L’Organizzazione internazionale per le migrazioni, intanto, ha annunciato che la situazione attuale rischia di raggiungere la gravità di quella del Mediterraneo. I segnali di allarme provenienti dalla regione preoccupano Oim e Unhcr, che negli ultimi giorni hanno lanciato appelli ai Paesi vicini affinché non chiudano le frontiere ai migranti.
Secondo le stime dell’Onu, i venezuelani immigrati in altri Paesi dell’America Latina dal 2015 sarebbero 1,6 milioni. La Colombia ne ha temporaneamente regolarizzati 820.000, il Brasile nei primi sei mesi del 2018 ne ha accolti circa 60.000, il Perù oltre 400.000 e prevede che il totale salirà a mezzo milione entro novembre.
Nicolas Maduro, dal canto suo, invita i cittadini a “smettere di lavare i bagni all’estero e tornare a vivere in patria”. Il presidente venezuelano afferma di aver compiuto riforme mirate a risollevare l’economia nazionale, ma la realtà sembra essere ben diversa: “È un disastro, non abbiamo alimenti di base.
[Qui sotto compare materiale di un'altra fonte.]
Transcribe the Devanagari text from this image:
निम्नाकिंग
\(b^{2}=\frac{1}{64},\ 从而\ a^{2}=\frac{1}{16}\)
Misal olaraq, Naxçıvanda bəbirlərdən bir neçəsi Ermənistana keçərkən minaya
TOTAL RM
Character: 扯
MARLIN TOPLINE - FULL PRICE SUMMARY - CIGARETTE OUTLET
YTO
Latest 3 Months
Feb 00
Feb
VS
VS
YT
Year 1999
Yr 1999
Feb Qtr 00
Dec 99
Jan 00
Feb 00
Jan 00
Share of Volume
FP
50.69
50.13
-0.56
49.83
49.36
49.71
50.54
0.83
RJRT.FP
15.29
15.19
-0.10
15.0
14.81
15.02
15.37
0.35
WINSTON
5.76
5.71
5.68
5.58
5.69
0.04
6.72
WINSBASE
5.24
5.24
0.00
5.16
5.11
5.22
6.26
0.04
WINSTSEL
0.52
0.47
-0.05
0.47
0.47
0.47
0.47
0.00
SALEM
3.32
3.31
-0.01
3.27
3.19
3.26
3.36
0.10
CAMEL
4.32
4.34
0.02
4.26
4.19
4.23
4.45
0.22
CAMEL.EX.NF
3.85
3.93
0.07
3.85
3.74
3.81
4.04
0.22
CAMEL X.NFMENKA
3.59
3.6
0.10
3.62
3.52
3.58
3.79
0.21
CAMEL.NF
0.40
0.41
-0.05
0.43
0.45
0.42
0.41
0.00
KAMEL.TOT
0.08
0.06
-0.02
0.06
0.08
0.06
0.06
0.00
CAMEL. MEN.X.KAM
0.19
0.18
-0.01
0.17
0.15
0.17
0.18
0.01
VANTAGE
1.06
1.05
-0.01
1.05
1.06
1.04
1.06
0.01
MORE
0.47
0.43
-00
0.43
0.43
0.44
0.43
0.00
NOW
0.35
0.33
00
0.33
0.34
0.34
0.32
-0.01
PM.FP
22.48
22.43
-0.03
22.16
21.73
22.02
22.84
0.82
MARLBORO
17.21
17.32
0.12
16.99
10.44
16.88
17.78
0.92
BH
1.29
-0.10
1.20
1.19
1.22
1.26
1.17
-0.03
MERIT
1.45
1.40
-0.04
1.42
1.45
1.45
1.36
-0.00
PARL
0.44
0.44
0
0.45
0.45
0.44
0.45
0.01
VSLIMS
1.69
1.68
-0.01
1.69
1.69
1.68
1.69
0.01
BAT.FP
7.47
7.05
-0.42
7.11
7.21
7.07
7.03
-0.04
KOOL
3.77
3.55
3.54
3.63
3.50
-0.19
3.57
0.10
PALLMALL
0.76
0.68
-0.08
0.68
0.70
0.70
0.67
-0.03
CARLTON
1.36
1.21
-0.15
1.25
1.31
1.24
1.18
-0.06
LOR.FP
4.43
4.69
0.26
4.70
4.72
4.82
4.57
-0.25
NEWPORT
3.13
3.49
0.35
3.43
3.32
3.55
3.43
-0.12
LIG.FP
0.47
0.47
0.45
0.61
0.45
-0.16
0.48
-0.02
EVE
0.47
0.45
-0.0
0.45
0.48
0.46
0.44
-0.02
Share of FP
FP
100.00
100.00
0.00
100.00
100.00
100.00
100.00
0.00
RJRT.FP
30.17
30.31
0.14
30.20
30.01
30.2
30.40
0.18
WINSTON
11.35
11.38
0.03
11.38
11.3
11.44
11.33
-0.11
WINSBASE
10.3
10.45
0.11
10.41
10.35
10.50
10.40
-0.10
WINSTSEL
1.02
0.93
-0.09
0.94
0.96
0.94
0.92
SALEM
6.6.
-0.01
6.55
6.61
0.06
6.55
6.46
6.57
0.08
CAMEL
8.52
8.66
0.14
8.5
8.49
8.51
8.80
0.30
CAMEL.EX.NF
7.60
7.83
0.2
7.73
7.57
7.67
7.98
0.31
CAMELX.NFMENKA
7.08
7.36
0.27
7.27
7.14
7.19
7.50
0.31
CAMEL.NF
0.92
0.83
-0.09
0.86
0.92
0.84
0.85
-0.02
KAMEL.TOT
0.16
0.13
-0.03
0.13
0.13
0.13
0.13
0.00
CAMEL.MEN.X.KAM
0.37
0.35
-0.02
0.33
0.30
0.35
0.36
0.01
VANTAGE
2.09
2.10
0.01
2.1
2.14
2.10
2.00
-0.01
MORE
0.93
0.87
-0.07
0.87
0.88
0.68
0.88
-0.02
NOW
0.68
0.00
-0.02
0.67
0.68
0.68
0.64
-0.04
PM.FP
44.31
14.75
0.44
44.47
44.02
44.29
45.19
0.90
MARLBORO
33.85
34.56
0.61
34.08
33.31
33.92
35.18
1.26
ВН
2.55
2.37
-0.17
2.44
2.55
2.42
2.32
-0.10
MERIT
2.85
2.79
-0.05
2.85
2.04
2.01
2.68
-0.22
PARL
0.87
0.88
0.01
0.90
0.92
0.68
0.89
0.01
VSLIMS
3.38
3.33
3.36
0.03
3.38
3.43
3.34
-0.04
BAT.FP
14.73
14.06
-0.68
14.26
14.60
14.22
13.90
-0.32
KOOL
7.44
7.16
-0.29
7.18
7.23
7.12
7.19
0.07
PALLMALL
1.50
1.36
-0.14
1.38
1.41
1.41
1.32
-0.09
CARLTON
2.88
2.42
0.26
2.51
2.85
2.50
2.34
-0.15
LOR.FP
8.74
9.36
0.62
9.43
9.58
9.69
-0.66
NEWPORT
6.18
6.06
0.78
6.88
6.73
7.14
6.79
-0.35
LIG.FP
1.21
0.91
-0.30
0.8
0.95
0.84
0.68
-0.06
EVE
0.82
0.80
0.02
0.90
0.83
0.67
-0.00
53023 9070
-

Le misure sono pure bugie, porteranno ancora più fame e disoccupazione”, dice all’agenzia AFP il dottor Marielsi Ochoa.
Il governo venezuelano continua nelle misure per cercare di generare capitale: l’obiettivo è di invertire al contempo la recessione e l’iperinflazione che attanagliano il Paese. Il salario minimo è stato alzato del 3.400%, la valuta ridenominata e ancorata a una discussa crtiptomoneta, il petro. C’è stato inoltre un aumento dell’imposta sul valore aggiunto e sono stati ridotti i sussidi per il carburante. Gli esperti dicono però che tutto questo non risolverà la più grande crisi della storia recente dell’America Latina.